1. How to Get Rich (http://bit.ly/xGdV8)

2. Small Giants (http://bit.ly/WpvGa)

3. The Knack (http://bit.ly/OcKa9)

[no affiliate links]

A warning though - many 'start-up to success' books are, in my view, hampered by what I consider exceptional circumstances in the story. So you'll find a sentence/paragraph/page that basically says "so then I managed to raise $350,000 from XYZ to get me started", or "then I got stuck in a lift with Jeff Bezos for 72 hours and managed to convince him to invest". Which is great for their story, but it may or may not reflect your story.

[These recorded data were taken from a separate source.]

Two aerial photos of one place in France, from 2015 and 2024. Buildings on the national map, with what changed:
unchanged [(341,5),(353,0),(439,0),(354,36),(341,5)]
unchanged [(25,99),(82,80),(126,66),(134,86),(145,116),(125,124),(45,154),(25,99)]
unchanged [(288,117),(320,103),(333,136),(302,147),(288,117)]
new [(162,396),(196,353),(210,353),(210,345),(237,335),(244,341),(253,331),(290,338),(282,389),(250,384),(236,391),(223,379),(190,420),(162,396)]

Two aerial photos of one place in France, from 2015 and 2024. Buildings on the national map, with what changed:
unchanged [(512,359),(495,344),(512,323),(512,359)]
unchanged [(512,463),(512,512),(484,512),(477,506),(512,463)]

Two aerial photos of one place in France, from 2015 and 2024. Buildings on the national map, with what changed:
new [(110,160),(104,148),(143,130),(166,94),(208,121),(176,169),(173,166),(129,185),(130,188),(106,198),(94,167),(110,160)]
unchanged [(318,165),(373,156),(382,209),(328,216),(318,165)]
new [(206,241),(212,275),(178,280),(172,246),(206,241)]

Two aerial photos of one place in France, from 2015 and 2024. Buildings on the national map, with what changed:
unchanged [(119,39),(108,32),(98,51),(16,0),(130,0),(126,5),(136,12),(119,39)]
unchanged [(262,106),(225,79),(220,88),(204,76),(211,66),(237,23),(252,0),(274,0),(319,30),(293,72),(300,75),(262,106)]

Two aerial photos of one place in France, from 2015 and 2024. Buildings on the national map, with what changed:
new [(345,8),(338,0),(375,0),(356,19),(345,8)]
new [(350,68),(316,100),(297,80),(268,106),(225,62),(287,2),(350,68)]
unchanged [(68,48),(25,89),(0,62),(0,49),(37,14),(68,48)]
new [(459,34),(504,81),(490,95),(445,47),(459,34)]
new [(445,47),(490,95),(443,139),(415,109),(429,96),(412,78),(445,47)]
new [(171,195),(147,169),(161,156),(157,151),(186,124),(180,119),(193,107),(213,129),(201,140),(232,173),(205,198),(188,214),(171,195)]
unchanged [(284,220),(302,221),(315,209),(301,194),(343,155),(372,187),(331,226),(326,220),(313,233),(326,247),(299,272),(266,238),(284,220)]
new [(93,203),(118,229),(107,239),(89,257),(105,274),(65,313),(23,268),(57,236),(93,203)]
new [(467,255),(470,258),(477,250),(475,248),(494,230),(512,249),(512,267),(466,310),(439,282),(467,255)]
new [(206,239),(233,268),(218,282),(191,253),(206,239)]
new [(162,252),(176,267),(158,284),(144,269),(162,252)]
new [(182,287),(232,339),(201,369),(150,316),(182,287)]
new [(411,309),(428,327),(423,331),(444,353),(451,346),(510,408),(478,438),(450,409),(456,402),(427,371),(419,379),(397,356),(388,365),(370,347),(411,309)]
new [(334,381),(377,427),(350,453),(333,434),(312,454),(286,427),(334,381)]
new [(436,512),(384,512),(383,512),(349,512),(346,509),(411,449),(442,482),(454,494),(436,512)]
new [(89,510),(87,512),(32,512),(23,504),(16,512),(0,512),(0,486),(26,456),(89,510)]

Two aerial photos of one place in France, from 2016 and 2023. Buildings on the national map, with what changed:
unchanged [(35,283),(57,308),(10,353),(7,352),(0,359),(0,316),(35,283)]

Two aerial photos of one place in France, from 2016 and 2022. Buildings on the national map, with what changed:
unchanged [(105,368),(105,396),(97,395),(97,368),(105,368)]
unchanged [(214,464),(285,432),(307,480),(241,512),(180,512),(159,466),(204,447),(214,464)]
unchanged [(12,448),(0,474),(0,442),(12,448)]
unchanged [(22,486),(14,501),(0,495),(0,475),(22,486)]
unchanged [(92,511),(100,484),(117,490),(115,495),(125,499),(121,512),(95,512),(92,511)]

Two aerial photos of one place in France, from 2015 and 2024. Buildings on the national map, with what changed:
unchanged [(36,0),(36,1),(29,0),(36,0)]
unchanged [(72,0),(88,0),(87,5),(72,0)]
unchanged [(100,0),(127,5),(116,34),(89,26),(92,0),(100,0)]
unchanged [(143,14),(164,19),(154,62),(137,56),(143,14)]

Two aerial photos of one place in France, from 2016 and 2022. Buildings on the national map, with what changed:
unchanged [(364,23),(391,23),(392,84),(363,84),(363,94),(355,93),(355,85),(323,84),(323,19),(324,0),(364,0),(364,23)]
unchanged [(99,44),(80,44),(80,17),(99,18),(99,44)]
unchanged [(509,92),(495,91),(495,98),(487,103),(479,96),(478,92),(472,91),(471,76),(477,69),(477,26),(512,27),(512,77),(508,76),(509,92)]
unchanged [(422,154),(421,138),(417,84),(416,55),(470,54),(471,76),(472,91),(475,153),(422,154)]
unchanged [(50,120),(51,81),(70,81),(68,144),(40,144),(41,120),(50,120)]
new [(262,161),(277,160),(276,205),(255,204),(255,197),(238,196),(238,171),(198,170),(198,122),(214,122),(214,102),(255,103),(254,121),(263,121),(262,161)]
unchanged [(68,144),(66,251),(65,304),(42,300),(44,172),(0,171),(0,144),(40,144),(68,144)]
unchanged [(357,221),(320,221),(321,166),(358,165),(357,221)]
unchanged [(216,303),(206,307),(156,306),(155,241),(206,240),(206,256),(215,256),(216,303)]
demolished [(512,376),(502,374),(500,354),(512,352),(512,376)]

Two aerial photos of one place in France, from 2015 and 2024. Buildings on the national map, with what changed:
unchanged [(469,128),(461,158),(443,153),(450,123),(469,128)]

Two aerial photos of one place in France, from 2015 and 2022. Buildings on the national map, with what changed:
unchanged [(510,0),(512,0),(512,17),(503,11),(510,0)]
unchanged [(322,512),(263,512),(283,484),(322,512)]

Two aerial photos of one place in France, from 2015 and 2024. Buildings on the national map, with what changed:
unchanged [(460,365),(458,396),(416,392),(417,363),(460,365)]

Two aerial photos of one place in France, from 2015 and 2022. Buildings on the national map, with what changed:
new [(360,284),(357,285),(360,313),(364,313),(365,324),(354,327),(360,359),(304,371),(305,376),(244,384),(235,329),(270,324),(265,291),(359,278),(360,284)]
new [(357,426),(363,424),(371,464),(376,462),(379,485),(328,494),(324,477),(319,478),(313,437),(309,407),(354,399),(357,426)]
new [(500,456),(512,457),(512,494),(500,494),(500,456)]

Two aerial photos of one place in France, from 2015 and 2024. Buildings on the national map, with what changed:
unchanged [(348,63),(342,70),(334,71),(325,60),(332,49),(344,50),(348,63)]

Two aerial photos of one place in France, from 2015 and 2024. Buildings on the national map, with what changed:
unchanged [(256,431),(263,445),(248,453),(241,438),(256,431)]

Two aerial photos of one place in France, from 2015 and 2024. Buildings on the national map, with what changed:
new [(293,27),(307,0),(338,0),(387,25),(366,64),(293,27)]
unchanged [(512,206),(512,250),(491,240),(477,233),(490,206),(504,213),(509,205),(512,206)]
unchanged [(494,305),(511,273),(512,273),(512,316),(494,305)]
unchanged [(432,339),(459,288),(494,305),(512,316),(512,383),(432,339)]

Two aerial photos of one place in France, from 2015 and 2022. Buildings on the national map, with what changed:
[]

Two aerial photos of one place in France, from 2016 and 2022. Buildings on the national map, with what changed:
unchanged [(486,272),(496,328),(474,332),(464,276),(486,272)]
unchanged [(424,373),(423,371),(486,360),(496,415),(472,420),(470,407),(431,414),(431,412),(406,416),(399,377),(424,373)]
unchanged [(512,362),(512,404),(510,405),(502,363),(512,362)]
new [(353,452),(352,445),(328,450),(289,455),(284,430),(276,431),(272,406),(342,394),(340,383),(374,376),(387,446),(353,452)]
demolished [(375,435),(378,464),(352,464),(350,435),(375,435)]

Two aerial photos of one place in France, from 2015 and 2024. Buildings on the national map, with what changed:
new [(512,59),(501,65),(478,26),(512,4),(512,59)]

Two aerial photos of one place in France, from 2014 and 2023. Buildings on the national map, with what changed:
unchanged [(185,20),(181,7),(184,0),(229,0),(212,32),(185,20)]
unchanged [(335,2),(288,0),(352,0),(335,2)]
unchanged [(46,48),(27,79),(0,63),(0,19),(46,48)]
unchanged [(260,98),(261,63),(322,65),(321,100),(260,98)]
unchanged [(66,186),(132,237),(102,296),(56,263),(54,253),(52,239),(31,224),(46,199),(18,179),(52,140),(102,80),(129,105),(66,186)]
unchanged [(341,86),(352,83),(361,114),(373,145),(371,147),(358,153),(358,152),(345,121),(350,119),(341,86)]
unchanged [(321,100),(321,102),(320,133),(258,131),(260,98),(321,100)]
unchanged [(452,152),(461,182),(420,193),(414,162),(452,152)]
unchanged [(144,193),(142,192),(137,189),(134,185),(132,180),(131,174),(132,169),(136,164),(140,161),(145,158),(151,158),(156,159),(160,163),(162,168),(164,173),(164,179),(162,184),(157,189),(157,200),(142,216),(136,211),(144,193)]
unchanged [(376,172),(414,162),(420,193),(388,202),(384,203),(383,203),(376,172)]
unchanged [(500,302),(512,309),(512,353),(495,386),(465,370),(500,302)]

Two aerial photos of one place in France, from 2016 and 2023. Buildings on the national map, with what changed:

So if you are going to try to learn lessons from the stories of others, and just to be clear let me say I believe this is a good way of learning, make sure you understand the differences between their story and yours and how those differences change the dynamics of starting and scaling a business.

1 comments

Thank you for this list - I liked reading The Knack so will explore the others.

I disagree with you about your examples of exceptional circumstances. Anyone can raise 350k or be stuck in a lift with Jeff Bezos if they do the hard around it. Focus on building something amazing and you can build your own luck around. For example, 18 months ago I did speak to Bezos - I did not have anything to talk tom about (apart from asking him sign my Kindle!) so nothing happened. But this year I really do so I will find another way to talk to him (and everyone else).

That is not to say that are not exceptional circumstances. For example, only a handful of people around the world in the 1970s had the priviliges of Bill Gates, ie a childhood growing up in a school with a mainframe. But it is not worth worrying about such things - each of us has to look for the unusual advantages we have and work with those. In my case I have a genetic illness which meant most of my childhood was spent ill or in hospital. I survived long enough to train as a physician and a programmer so this year I founded a company that builds software to help patients work online with their clinicians.